Digital Payments Platform Stripe has yet to plan to publish it, but in the meantime, the company has cast a line of liquidity on past and present employees. The company confirmed Thursday a tender offer in which investors would acquire shares from those employees at a valuation of $91.5 billion. Stripe said it will buy back the shares as part of the transaction.
The spokesman refused to say who was in the second round, except to confirm that it is “mainly” an existing investor. Past supporters of company numbers with over 150 investors per pitchbook data. These include common catalysts, GV, Silver Lake, Atomico, Elon Musk, Salesforce and more.
The tender offer was a decent jump in the company’s valuation from the last secondary sale a year ago, valued at $70 billion. However, Stripes did not reach a high watermark $95 billion valuation in 2021. That round came when e-commerce itself was booming due to the Covid-19 pandemic.

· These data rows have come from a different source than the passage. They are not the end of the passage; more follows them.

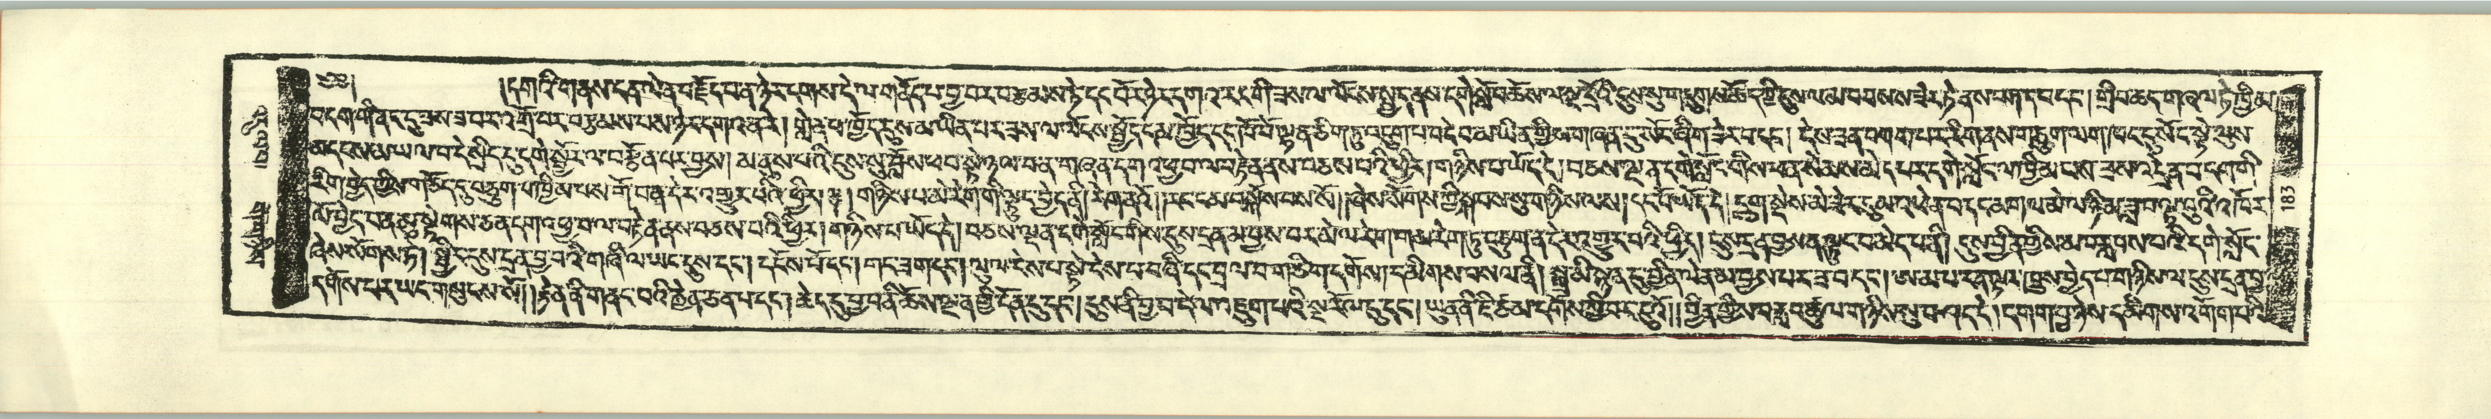༄༅། །དགའི་གནས་ངན་ལེན་བརྗོད་པ་ན་ཉེར་དགས་དེ་ལ་གནོད་པ་བྱ་བར་བརྩམས་ཏེ་དང་པོར་ཉེར་དགའ་རང་གི་ཟས་ལ་ལོངས་སྤྱད་ནས་དགེ་སློང་ཆོས་ལ་སྔ་དྲོའི་དུས་སུ་གདུགས་ཆོད་ཀྱི་དུས་ལ་མ་བབས་ས་ཟེར་ཏེ་ནས་བཤད་པ་དང་། གྲིབ་ཆད་གཞལ་ཏེ་ཁྱིམ་
བདག་གི་ནང་དུ་ཟས་ཟ་བར་འགྲོ་བར་བརྩམས་པས་ཉེར་དགའ་ན་རེ། གླེན་པ་ཁྱོད་རུས་མ་ཡིན་པར་ཟས་ལ་ལོངས་སྤྱོད་དམ་ཁྱོད་དང་ཁོ་བོ་ལྷན་ཅིག་ཏུ་འདུག་པ་བདེ་བ་མ་ཡིན་གྱིས་གཞན་དུ་སོང་ཞིག་ཟེར་བ་དང་། དེས་ཟན་བགག་པར་རིག་ནས་གཅུག་ལག་ཁང་དུ་སོང་སྟེ་ལུས་
མདངས་མ་ཡལ་བ་དེ་སྲིད་དུ་དགེ་སྦྱོར་ལ་བརྩོན་པར་བྱས། མ་ནུས་པའི་དུས་སུ་བློས་ཕབ་སྟེ་ཉལ་བ་ན་གཞན་དགའ་ཕྱབ་ལ་བརྟེན་ནས་བཅས་པའི་ཕྱིར། གཉིས་པ་ཡོད་དེ། བཅས་ལྡན་དགེ་སློང་གིས་ཕན་སེམས་མེད་པར་དགེ་སློང་ལ་ཁྱིམ་པས་ཟས་འདྲེན་བདག་གི་
རིག་བྱེད་ཀྱིས་གཙོད་དུ་བཅུག་པ་ཁྱིམ་པས་གོ་པ་ན་དེར་འགྱུར་བའི་ཕྱིར། ༈ །གཉིས་པ་མེ་རེག་གི་ལྟུང་བྱེད་ནི། རེག་ནའོ། །རང་ངམ་བསྐོས་པས་སོ། །ཞེས་སོགས་ཀྱི་སྐབས་སུ་གཉིས་ལས། དང་པོ་ཡོད་དེ། དྲུག་སྡེས་མེ་ཟེར་དུམ་འཕེན་བ་དང་མགལ་མེ་ལ་ཉི་མ་ཟླ་བ་ལྟ་བུའི་འཁོར་
ལོ་བྱེད་པ་ན་མུ་སྟེགས་ཅན་དག་འཕྱ་བ་ལ་བརྟེན་ནས་བཅས་པའི་ཕྱིར། གཉིས་པ་ཡོད་དེ། བཅས་ལྡན་དགེ་སློང་གིས་དུས་དྲན་མ་བྱས་པར་མེ་ལ་རེག་གམ་རེག་ཏུ་བཅུག་ན་དེར་འགྱུར་པའི་ཕྱིར། དུས་དྲན་བྱས་ན་ལྟུང་བ་མེད་པ་ནི། དུས་བྱིན་གྱིས་མ་བརླབས་པའི་དགེ་སློང་
ཞེས་སོགས་ཏེ། སྤྱིར་དུས་དྲན་བྱ་བའི་གཞི་ལ་ཡང་དུས་དང་། དངོས་པོ་དང་། གང་ཟག་དང་། ལུས་ངེས་པ་སྟེ་ངེས་པ་བཞི་དང་བྲལ་བ་གཅིག་དགོས། དམིགས་བསལ་ནི། སྒྲ་མི་སྙན་དུ་བྱིན་ལེན་མ་བྱས་པར་ཟ་བ་དང་། ཨ་མ་པ་རན་ལྟར་ཁྲུས་བྱེད་པ་གཉིས་ལ་དུས་དྲན་བྱ་
དགོས་པར་ཡང་གསུངས་སོ། །རྟེན་ནི་གནང་བའི་རྐྱེན་ཅན་པ་དང་། ཆེད་དུ་བྱ་བ་ནི་ཆོས་ལྡན་གྱི་དོན་དུ་དང་། དུས་ནི་བྱ་བ་དེ་ལ་འཇུག་པའི་སྔ་རོལ་དུ་དང་། ཡུན་ནི་ཇི་ཙམ་དགོས་ཀྱི་བར་དུའོ། །བྱིན་གྱིས་བརླབ་ཚུལ་གཉིས་སུ་བཤད་དེ། དགག་བྱ་ཉེས་དམིགས་འགོག་པའི་

The news coincides with Stripe’s annual letter written by CEO and co-founder Patrick Collison. This noted that payments in 2024 increased to $1.4 trillion, an increase of 38% over the previous year.
It’s a big number for Stripe, but to put that into some context, Visa said its payment amount for 2024 was $13.2 trillion. The margins that stripes make in transactions (which constitute payment volume) remain thin, so this business still has room (and needs) to expand.
Stripe also adds that half of the Fortune 100 companies are currently using it, working with other startups to highlight how it came from the startup to major enterprise players.
The tender offer was originally reported to be under work earlier this month.